The violence itself is pretty graphic: throat cuts, shotgun blasts, hammer blows and a decapitation by axe being the highlights (or lowlights depending on your point of view), but the child murder and what looks by the aftermath like the sadistic murder of a jogger both appear off-screen. Though the opening scene (a disturbing nightmare sequence hinting at George’s dark secret), the film’s tense climax and George’s childhood axe attack are eye-catching and well constructed the hardened gore hound is likely to feel pretty short changed on the shock front considering the film’s reputation. To its credit though, where a lot of ‘nasties’ and horror movies revel in their over the top bloodbaths, there is a realistic unpleasantness to the violence on show, in keeping with the film’s overall atmosphere much like the later and effortlessly more disturbing Henry: Portrait of a Serial Killer.

The Trivia
  • Although Tom Savini was credited as being responsible for Nightmares special effects he later stated that he merely offered brief advice when visiting the set.

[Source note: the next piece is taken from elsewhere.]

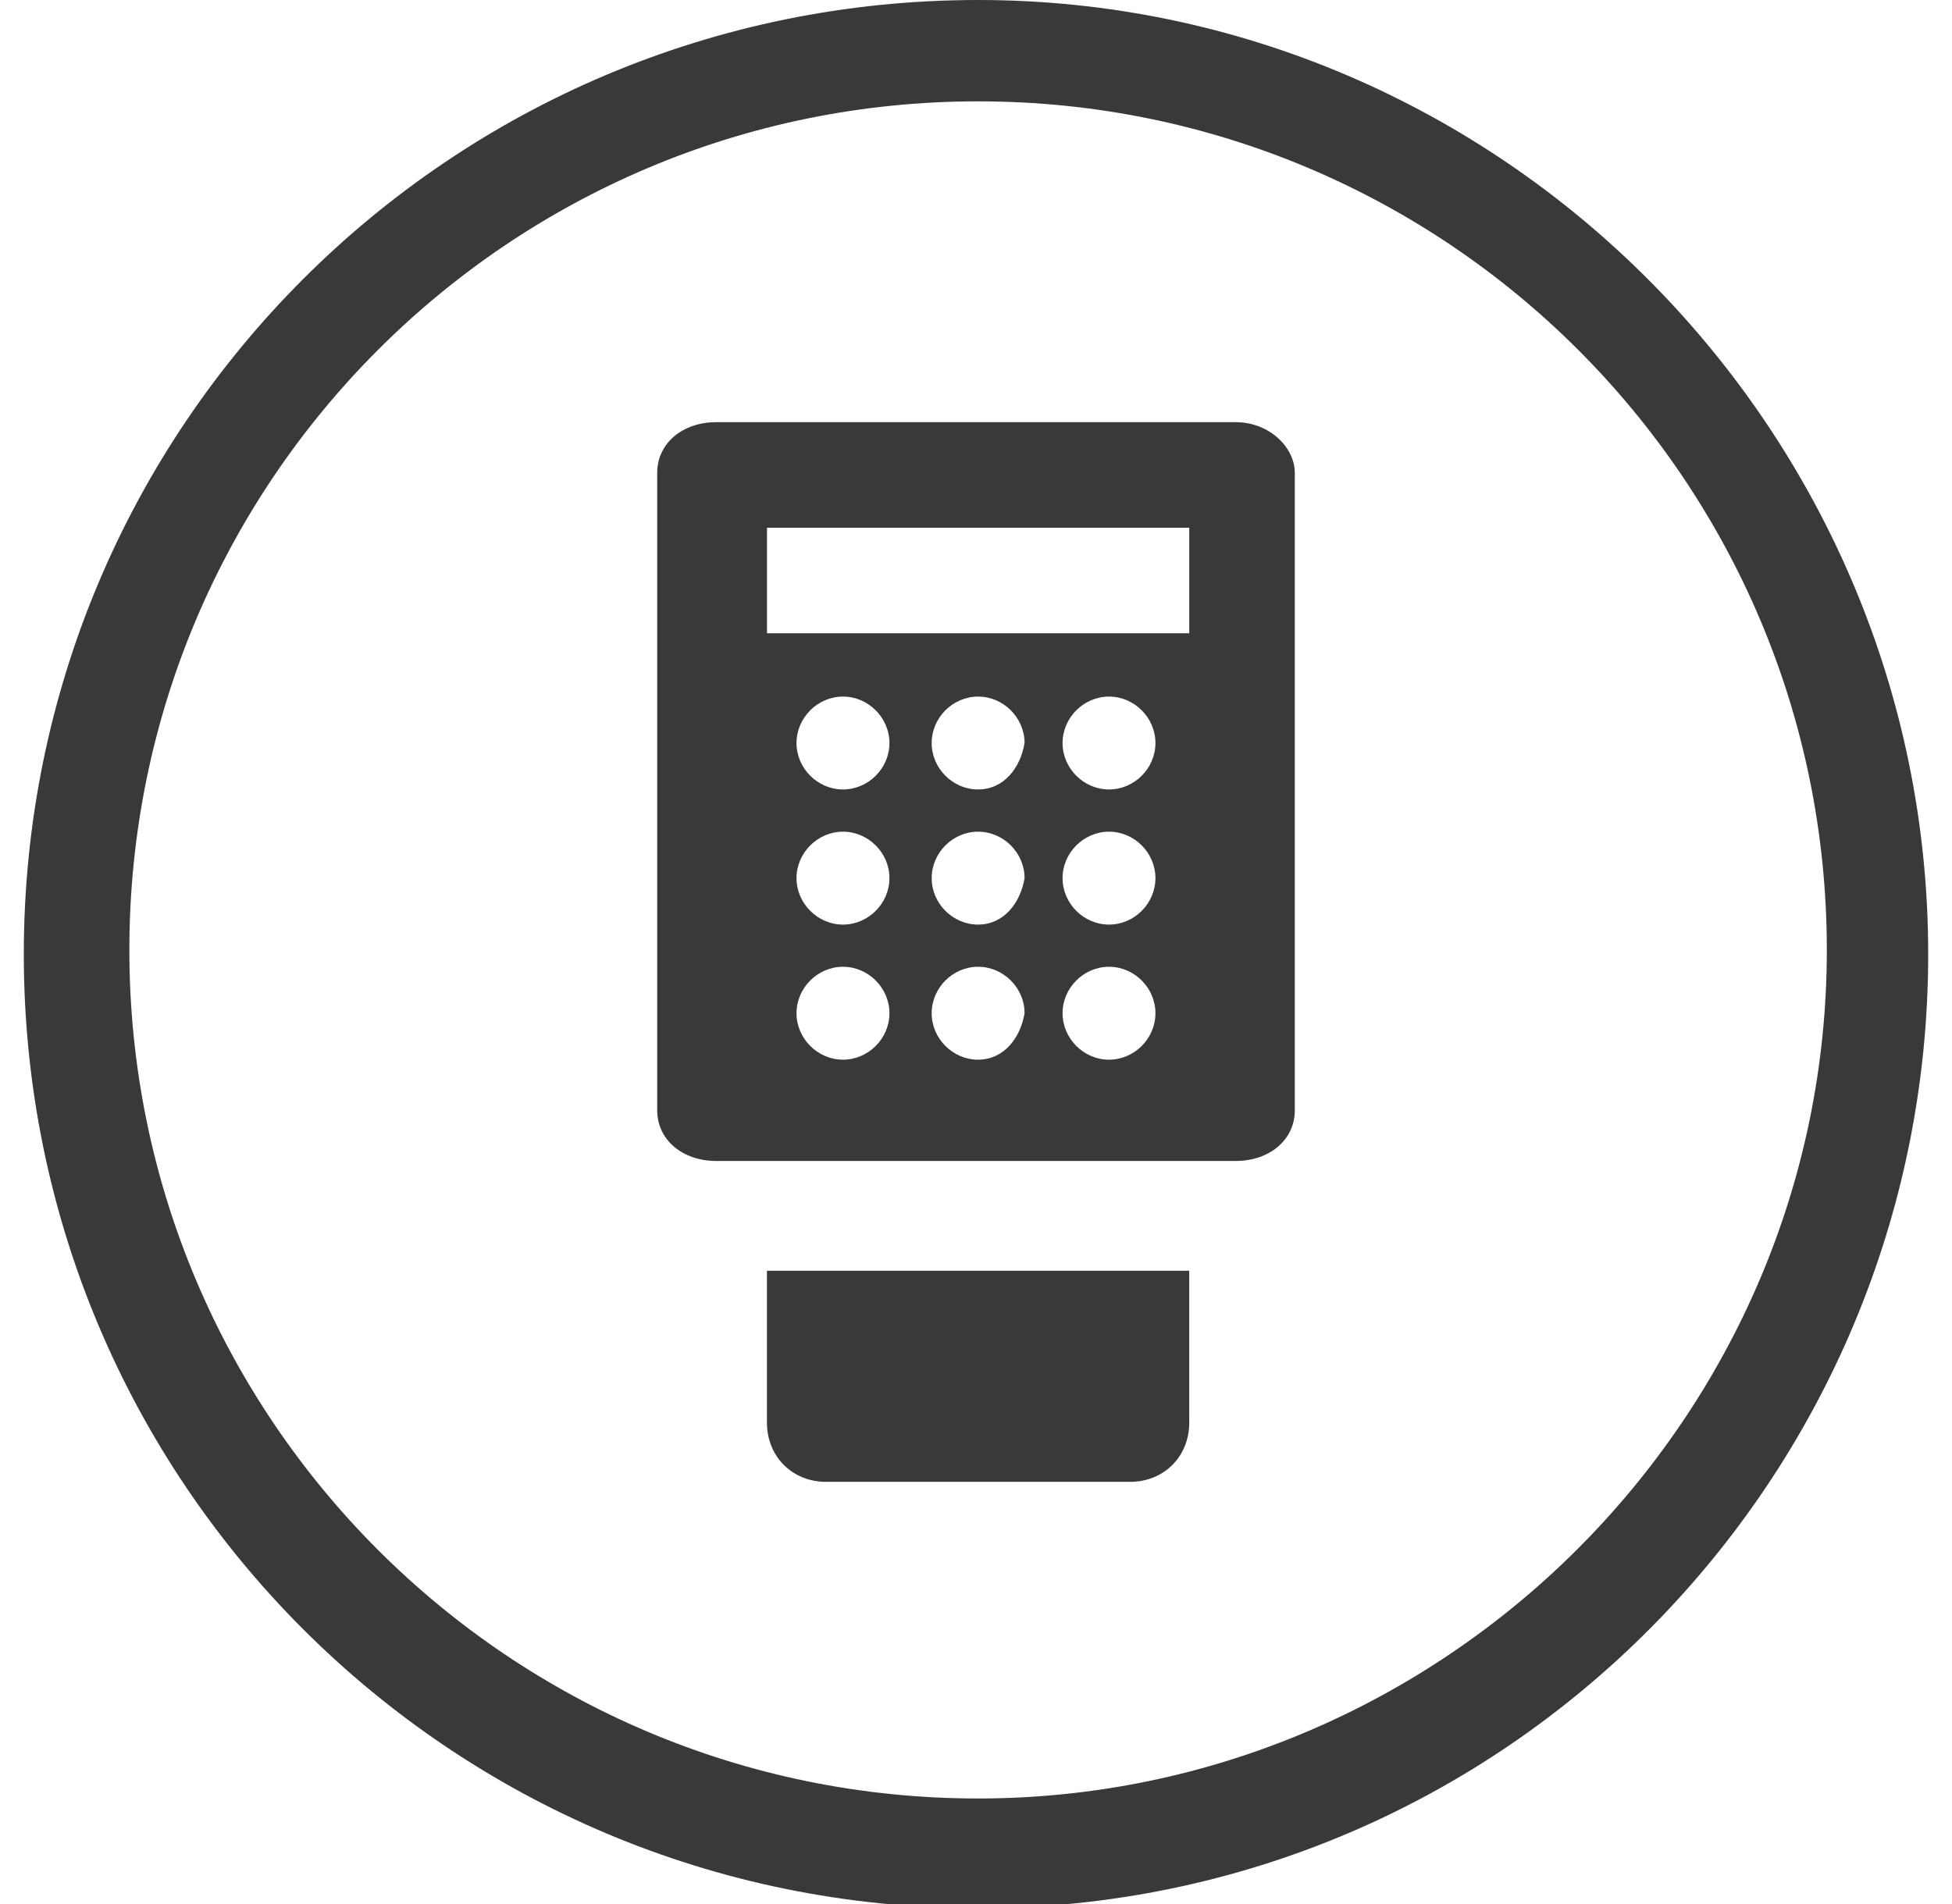 <?xml version="1.0" encoding="UTF-8"?> <svg xmlns="http://www.w3.org/2000/svg" width="41" height="40" viewBox="0 0 41 40" fill="none"><path d="M20.544 0C9.458 0 0.5 8.958 0.5 20.044C0.5 31.131 9.458 40.089 20.544 40.089C31.631 40.089 40.5 31.042 40.5 20.044C40.5 9.047 31.542 0 20.544 0ZM20.544 37.783C10.7 37.783 2.717 29.8 2.717 19.956C2.717 10.111 10.7 2.129 20.544 2.129C30.389 2.129 38.371 10.111 38.371 19.956C38.371 29.8 30.3 37.783 20.544 37.783Z" fill="#393939"></path><path d="M25.954 8.869H15.045C14.336 8.869 13.804 9.313 13.804 9.933V23.326C13.804 23.947 14.336 24.39 15.045 24.39H25.954C26.664 24.39 27.196 23.947 27.196 23.326V9.933C27.196 9.401 26.664 8.869 25.954 8.869ZM17.706 22.262C17.174 22.262 16.73 21.818 16.73 21.286C16.73 20.754 17.174 20.31 17.706 20.31C18.238 20.31 18.682 20.754 18.682 21.286C18.682 21.818 18.238 22.262 17.706 22.262ZM17.706 19.424C17.174 19.424 16.73 18.98 16.73 18.448C16.73 17.916 17.174 17.472 17.706 17.472C18.238 17.472 18.682 17.916 18.682 18.448C18.682 18.98 18.238 19.424 17.706 19.424ZM17.706 16.585C17.174 16.585 16.73 16.142 16.73 15.61C16.73 15.078 17.174 14.634 17.706 14.634C18.238 14.634 18.682 15.078 18.682 15.61C18.682 16.142 18.238 16.585 17.706 16.585ZM20.544 22.262C20.012 22.262 19.569 21.818 19.569 21.286C19.569 20.754 20.012 20.31 20.544 20.31C21.076 20.31 21.52 20.754 21.52 21.286C21.431 21.818 21.076 22.262 20.544 22.262ZM20.544 19.424C20.012 19.424 19.569 18.98 19.569 18.448C19.569 17.916 20.012 17.472 20.544 17.472C21.076 17.472 21.52 17.916 21.52 18.448C21.431 18.98 21.076 19.424 20.544 19.424ZM20.544 16.585C20.012 16.585 19.569 16.142 19.569 15.61C19.569 15.078 20.012 14.634 20.544 14.634C21.076 14.634 21.52 15.078 21.52 15.61C21.431 16.142 21.076 16.585 20.544 16.585ZM23.294 22.262C22.762 22.262 22.318 21.818 22.318 21.286C22.318 20.754 22.762 20.31 23.294 20.31C23.826 20.31 24.269 20.754 24.269 21.286C24.269 21.818 23.826 22.262 23.294 22.262ZM23.294 19.424C22.762 19.424 22.318 18.98 22.318 18.448C22.318 17.916 22.762 17.472 23.294 17.472C23.826 17.472 24.269 17.916 24.269 18.448C24.269 18.98 23.826 19.424 23.294 19.424ZM23.294 16.585C22.762 16.585 22.318 16.142 22.318 15.61C22.318 15.078 22.762 14.634 23.294 14.634C23.826 14.634 24.269 15.078 24.269 15.61C24.269 16.142 23.826 16.585 23.294 16.585ZM24.979 13.304H16.11V11.086H24.979V13.304Z" fill="#393939"></path><path d="M22.761 26.696H16.109V29.889C16.109 30.599 16.642 31.131 17.351 31.131H22.761H23.737C24.446 31.131 24.979 30.599 24.979 29.889V26.696H22.761Z" fill="#393939"></path></svg>

  • Nightmares British distributor, David Hamilton Grant organised a ‘guess the weight of the brain’ competition to publicise the film’s release.

  • Hamilton Grant was subsequently jailed for six months for releasing a version of Nightmares that was sixty seconds longer than the BBFC approved cut.

  • The Conclusion
    Nightmares in a Damaged Brain is a minor cult addition to the horror cycle when compared to classics such as The Texas Chain Saw Massacre or Dawn of the Dead but it is a perfect time capsule of the themes, looks and styles of horror/exploitation genre film-making in the late 70s and early 80s that, helped by the home VHS market taking off, created such a media furore and Governmental panic resulting in the now infamous list of banned films. Ironically, many of those movies would have slipped away into obscurity had it not been for the unprecedented publicity given to them by the very authorities desperate to suppress their distribution.